Working data –

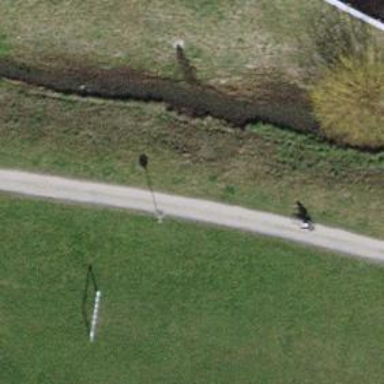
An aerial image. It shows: Footway with fine gravel surface.
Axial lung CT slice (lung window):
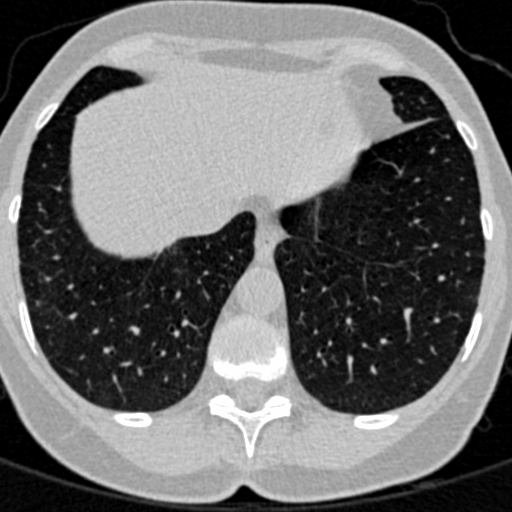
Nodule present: no
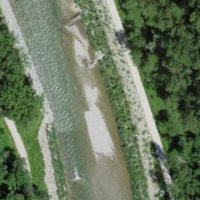
EUNIS habitat code: 41
Species observed at this site:
Prunus padus
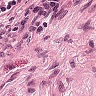
Metastatic tissue present: no
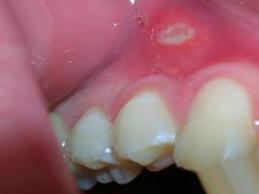
Condition: Mouth Ulcer
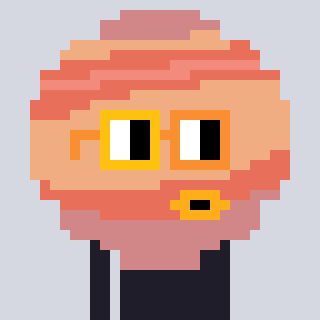
a pixel art character with square yellow and orange glasses, a jupiter-shaped head and a computerblue-colored body on a cool background
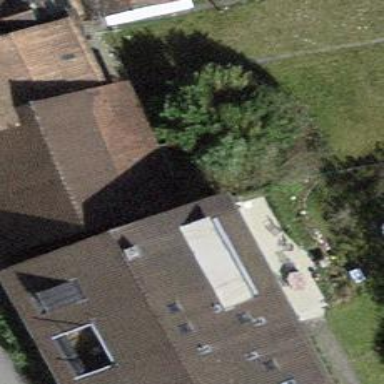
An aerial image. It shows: Building with tile roof.
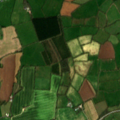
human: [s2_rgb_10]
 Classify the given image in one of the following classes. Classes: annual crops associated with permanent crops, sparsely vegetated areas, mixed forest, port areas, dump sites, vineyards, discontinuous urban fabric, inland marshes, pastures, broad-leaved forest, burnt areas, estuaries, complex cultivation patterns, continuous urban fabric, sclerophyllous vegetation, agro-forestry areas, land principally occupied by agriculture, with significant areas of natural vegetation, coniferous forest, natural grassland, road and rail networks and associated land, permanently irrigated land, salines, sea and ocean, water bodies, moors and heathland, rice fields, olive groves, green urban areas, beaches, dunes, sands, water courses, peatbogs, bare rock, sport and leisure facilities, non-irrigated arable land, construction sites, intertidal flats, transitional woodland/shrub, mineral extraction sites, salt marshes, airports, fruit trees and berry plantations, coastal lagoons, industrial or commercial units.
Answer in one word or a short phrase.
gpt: non-irrigated arable land, pastures
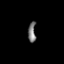
Tissue: lung
Cell type: Endothelial cells
Senescence score: 0.5615
Nuclear area (px): 150
Mean DAPI intensity: 122.02
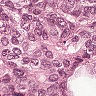
Metastatic tissue present: yes
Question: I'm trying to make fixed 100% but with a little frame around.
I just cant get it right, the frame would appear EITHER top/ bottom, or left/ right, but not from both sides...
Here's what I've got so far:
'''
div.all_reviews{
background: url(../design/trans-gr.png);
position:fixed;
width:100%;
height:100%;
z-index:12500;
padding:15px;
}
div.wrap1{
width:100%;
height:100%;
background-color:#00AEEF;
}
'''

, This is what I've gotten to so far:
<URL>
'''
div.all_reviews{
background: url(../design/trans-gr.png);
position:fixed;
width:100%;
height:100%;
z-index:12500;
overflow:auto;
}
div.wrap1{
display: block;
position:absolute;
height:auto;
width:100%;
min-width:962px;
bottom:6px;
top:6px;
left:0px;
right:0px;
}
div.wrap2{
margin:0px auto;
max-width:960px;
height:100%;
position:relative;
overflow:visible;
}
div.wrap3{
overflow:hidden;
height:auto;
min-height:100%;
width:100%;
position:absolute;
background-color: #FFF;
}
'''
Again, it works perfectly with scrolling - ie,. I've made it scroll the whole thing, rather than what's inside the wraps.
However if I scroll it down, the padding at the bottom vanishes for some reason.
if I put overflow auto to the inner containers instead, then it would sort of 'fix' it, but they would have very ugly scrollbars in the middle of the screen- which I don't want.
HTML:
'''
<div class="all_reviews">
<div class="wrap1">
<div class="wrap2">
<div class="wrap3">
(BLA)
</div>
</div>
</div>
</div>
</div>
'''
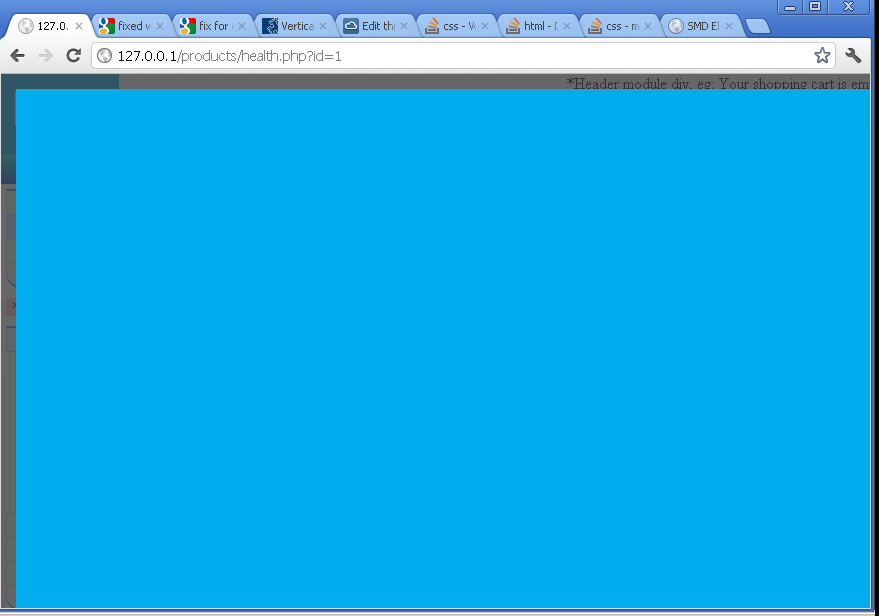
Answer: '''
<div class="all_reviews">
<div class="wrap1">
<div class="wrap2">
<div class="wrap3">
/8Content/8
</div>
</div>
</div>
</div>
all_reviews{
background: url(../design/trans-gr.png);
position:fixed;
width:100%;
height:100%;
z-index:12500;
display:none;
}
div.wrap1{
display: block;
position:absolute;
height:auto;
width:100%;
bottom:25px;
top:5px;
left:-10px;
right:0px;
}
div.wrap2{
margin:0px auto;
width:100%;
max-width:940px;
min-height:100%;
position:relative;
}
div.wrap3{
overflow:auto;
height:100%;
width:100%;
position:absolute;
background-color: #FFF;
border:5px solid #CCC;
padding:5px;
}
'''
Note to undo display : none with a script, and make the body fixed with overflow:hidden, so it doesn't scroll along the way on the background.

How to complete this task – Would you please reproduce verbatim the run of lines that opens the listing and ends with the line holding "Axial lung CT", and only that run, leaving every picture out?

Solution to the problem –
An aerial image. It shows: Footway with fine gravel surface.
Axial lung CT slice (lung window):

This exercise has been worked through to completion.